Gap n’est pas le seul concurrent d’Uniqlo qui a fait face à des défis ces dernières années. J.Crew a vu ses ventes baisser car les clients se plaignent de choix esthétiques étranges et de prix élevés pour une qualité moyenne ; Old Navy (qui appartient à la même société mère que Gap) a de bonnes ventes, mais ses vêtements sont marqués par une réputation de frivolité et de légèreté. Uniqlo n’a cependant pas que des citadins en pleine ascension à sa disposition. Madewell et Everlane proposent tous deux un look à la fois décontracté et raffiné, mais à un prix légèrement supérieur. Pour ceux qui ont un peu plus à dépenser, la propre marque de luxe de Fast Retailing, Theory, propose des articles simples et bien coupés qui attirent moins l’attention que les vêtements de marques situées dans la même situation.

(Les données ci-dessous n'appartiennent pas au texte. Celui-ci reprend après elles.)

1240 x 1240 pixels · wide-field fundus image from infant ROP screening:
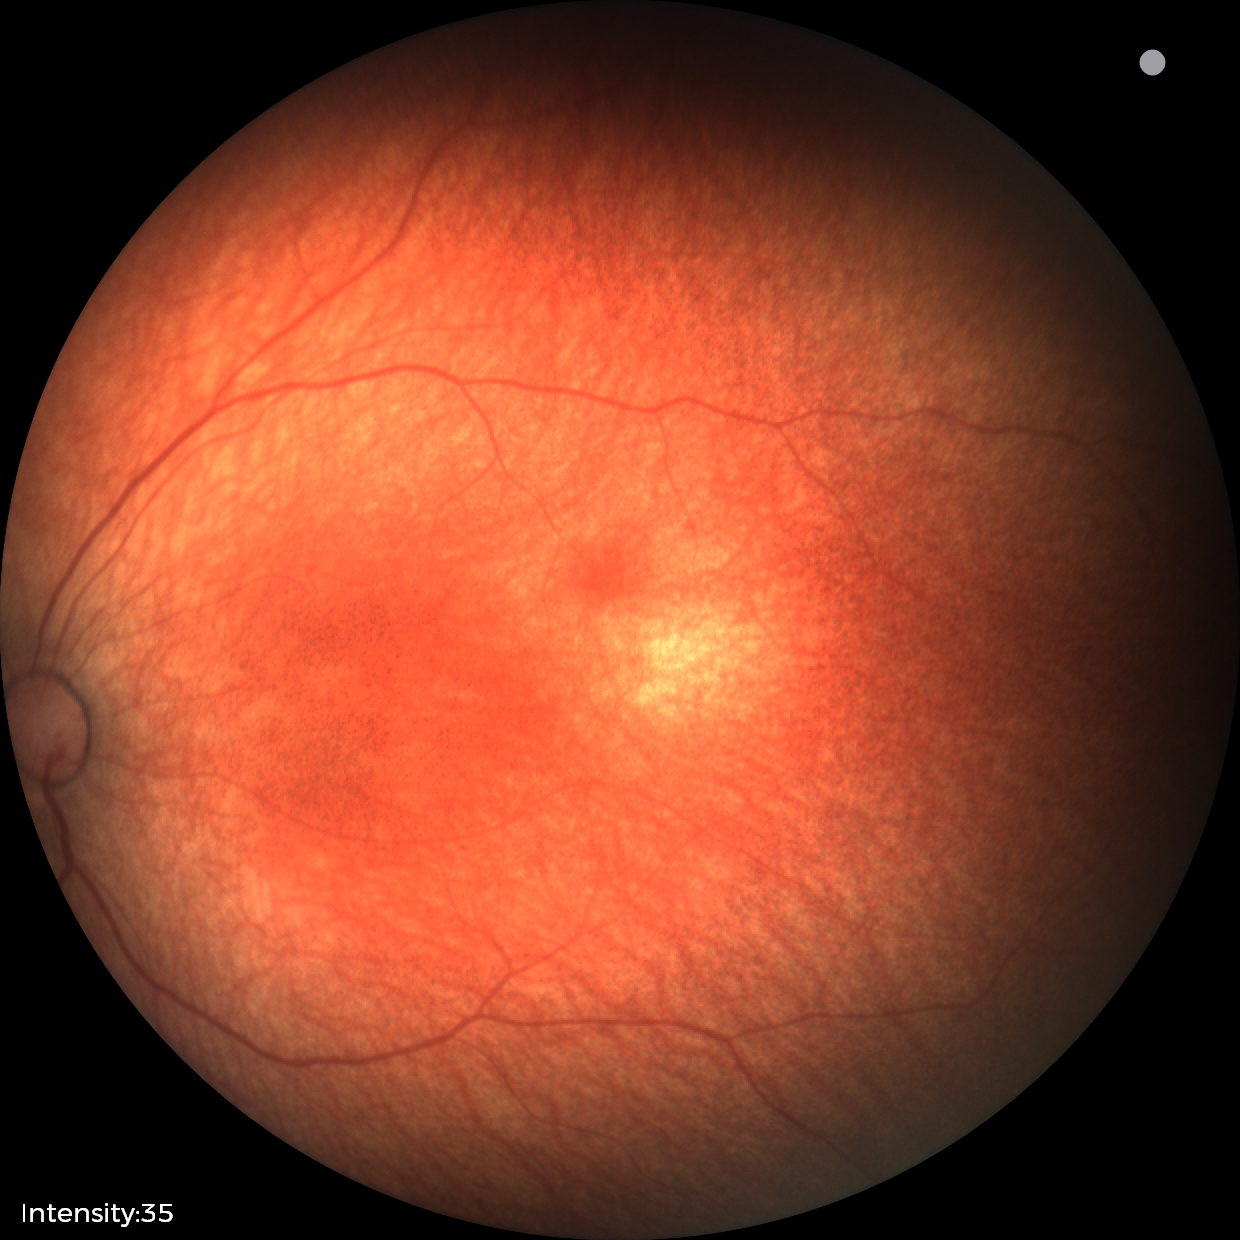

Vu la taille de Fast Retailing et sa force internationale, elle peut se permettre de ne pas précipiter les choses avec Uniqlo. “Ils peuvent faire ce qu’ils veulent”, a déclaré Kniffen. “C’est une grande entreprise saine”. Malgré les performances décevantes des magasins américains d’Uniqlo jusqu’à présent, le résultat d’exploitation de l’entreprise en dehors du Japon a augmenté de plus de 62 % en glissement annuel en 2018, tandis que le chiffre d’affaires a augmenté d’un peu plus de 25 %. Depuis ses avant-postes urbains, Uniqlo peut lentement bouleverser les idées américaines sur l’interaction entre la qualité, le style et le statut – un boutonnage de base à la fois.
Cet article a été publié dans l’édition imprimée d’avril 2019 avec le titre “Underemployment Chic.”